116. Number of bony dermal callosities in the plastron reduced. Absent = 0, present = 1. Primitively the turtle plastron is composed of one midline element (entoplastron) and at least five pairs of bones (epi-, hyo-, meso-, hypo- and xiphiplastra) although some forms may have more than one pair of mesoplastra (Odontochelys semitestacea and Proterochersis robusta). In some clades, only a deep dermal ossification represents these elements and an overlying superficial dermal callosity is absent (Meylan 1987, character 9). Three or fewer pairs of dermal callosities in the plastron, as seen in members of the Trionychinae, is considered derived.
117. Suprascapular fontanelles. Absent = 0, present = 1. Primitively the adult turtle carapace is closed at the junction of the nuchal, first costal and first neural bones.
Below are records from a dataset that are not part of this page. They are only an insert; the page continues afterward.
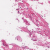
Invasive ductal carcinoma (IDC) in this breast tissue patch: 0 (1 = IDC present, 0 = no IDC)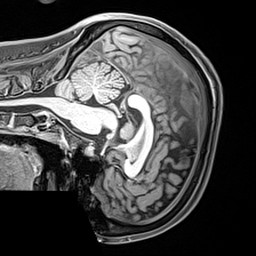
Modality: T1w
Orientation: sagittal
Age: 28
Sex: female
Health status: healthy
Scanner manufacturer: siemens
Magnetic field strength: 3 T
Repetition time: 2.4 s
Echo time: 0.00217 s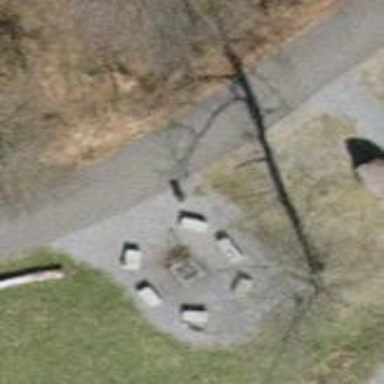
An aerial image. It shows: Barbecue facility.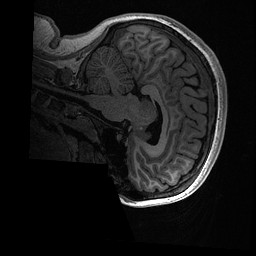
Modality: T1w
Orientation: sagittal
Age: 19
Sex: female
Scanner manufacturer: ge
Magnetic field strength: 3 T
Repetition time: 0.006952 s
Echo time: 0.00292 s
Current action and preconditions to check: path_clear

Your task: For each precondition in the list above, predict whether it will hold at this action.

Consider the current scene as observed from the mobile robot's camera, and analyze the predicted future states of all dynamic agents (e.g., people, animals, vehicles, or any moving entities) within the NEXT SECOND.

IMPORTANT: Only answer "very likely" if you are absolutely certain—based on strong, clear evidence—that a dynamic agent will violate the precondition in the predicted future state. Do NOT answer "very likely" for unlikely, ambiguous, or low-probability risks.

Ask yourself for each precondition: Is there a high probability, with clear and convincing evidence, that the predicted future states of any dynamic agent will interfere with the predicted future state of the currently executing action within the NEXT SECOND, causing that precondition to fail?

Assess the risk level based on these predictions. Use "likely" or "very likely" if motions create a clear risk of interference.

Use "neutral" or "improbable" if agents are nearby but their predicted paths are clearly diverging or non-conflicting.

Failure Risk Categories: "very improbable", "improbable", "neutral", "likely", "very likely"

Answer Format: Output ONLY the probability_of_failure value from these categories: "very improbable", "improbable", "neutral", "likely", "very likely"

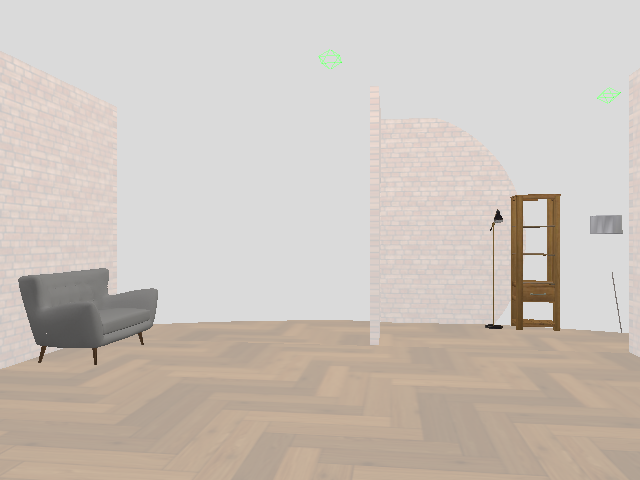

Answer: very improbable

An opening in this region, as seen in certain members of the Trionychinae is considered derived.
118. Shape of epiplastron. Triangular = 0, I-shaped = 1, J-shaped = 2. Primitively the epiplastron of turtles is a more or less triangular element with a variable exterior margin. In certain trionychids it is reduced to an I-shaped (1) or J-shaped (2) deep dermal ossification.
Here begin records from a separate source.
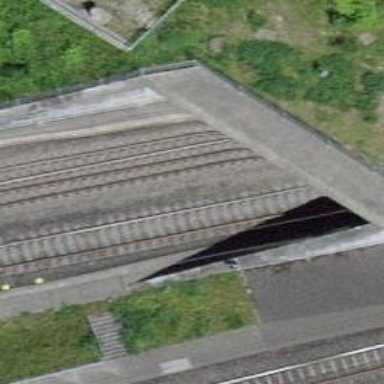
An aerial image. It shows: Single-track railway with electrified contact lines.
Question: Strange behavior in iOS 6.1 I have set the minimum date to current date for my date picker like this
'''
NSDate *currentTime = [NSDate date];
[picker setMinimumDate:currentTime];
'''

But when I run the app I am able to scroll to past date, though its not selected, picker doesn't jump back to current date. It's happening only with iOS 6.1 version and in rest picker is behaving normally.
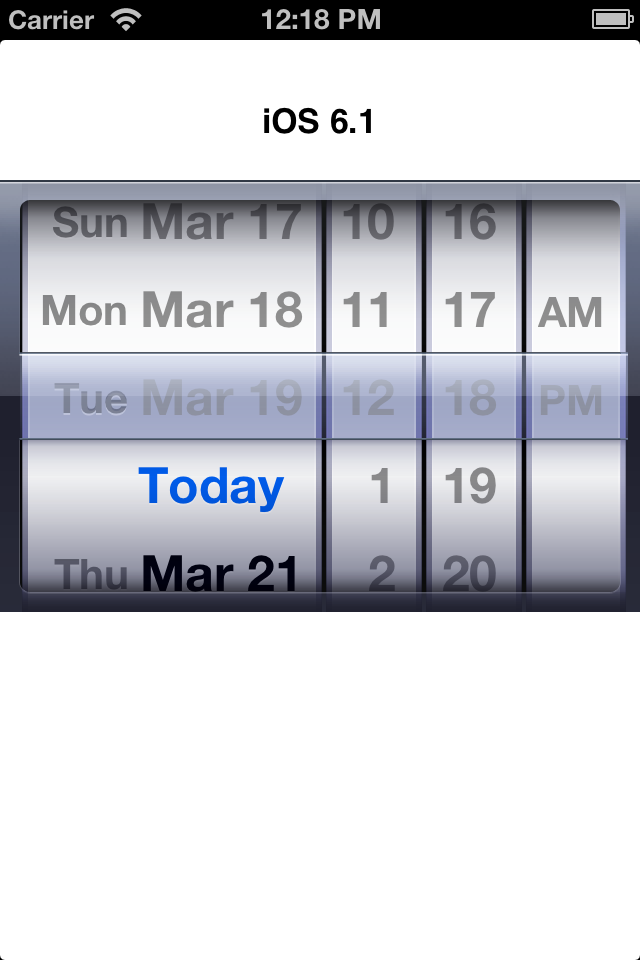
Answer: I got the same issue as you and fixed it with only setting the date to the maximum date manually (in this case I set the limit to the current date):
'''
- (IBAction)pickerValueChanged:(id)sender {
dispatch_async(dispatch_get_main_queue(), ^{
UIDatePicker *datePicker = (UIDatePicker *)sender;
if ([self.datePicker.date compare:[NSDate date]] == NSOrderedDescending) {
datePicker.date = [NSDate date];
}
});
}
'''
This function is triggered when the date value from the date picker did . you can set a maximum or minimum value here.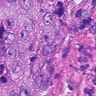
Metastatic tissue present: yes
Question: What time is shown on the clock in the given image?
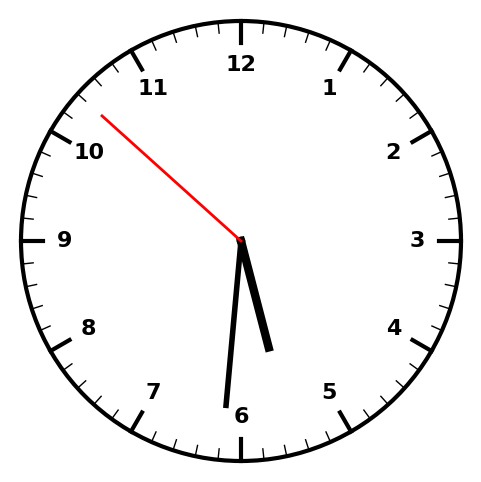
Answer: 05:30:52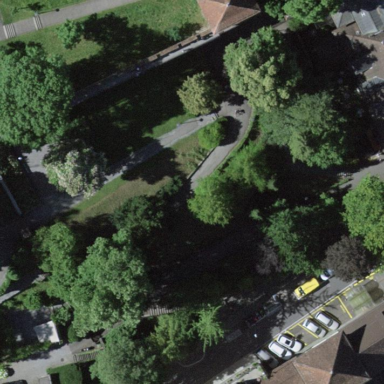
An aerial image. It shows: Park.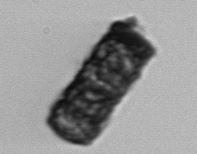
Label: Paralia_sulcata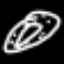
Label: donut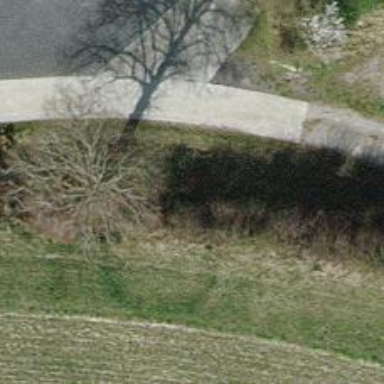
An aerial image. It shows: Hedge barrier.

119. Bridge length. Long bridge = 0, short bridge = 1. In most turtles, including most primitive forms, the bridge is long, about one-third of the total plastron length. In those forms in which it is shorter, one-quarter or less of plastron length as in Chelydra serpentina, Staurotypus or Apalone, this is considered a derived condition.
120. Medial process of jugal. Present = 0, absent = 1. Most turtles have a medially directed process of the jugal that articulates with the pterygoid or pterygoid and palatine (Gaffney 1979, p. 79). Where this medial process is absent, as in Dermochelys coriacea, this is considered a derived condition.
121. Coracoid length. Dorsal process of scapula longer than coracoids = 0, coracoids longer than dorsal process of scapula = 1. Turtles have a triradiate pectoral girdle in which the dorsal process of the scapula is normally the longest of the three processes. Those forms in which the coracoid is longer than the dorsal process of the scapula, as in Dermochelys, Lepidochelys kempi or Podocnemis, are considered to have a derived condition.
122. Wide angle between dorsal process and acromion process of scapula. About right angle = 0, angle > 105 = 1. The dorsal process of the scapula forms an approximate right angle in Proganochelys and most turtles. Where this wider (>105o as in most testudinids) this can be considered a derived condition.
123. Pectineal process of pubis expanded. No = 0, yes = 1. In most turtles, including Proganochelys, the pectineal process (lateral pubic process of Gaffney 1990, Fig. 144) is narrower than the inter-pubic contact. Those forms in which this process is as wide or wider than the interpubic contact, as in Lissemys, Apalone, and Dermochelys, can be considered to have a derived condition.
124. Humerus length. Femur longer than humerus = 0, femur shorter than humerus = 1. In most turtles including Proganochelys (Gaffney 1990, Fig. 151) the femur is longer than the humerus. In certain marine species (i.e., Dermochelys, Lepidochelys) and land tortoises (Geochelone, Gopherus) the femur is shorter than the humerus. The latter is considered as a derived condition.
125. Simple, flat carpals and tarsals. Multifaceted carpals and tarsals = 0, simple flat carpals and tarsals = 1. In most turtles including Proganochelys (Gaffney 1990, Figs. 161, 174) the carpals and tarsals are multifaceted, complex elements. In forms with paddle-like limbs, these elements are simple, thin discs of bone.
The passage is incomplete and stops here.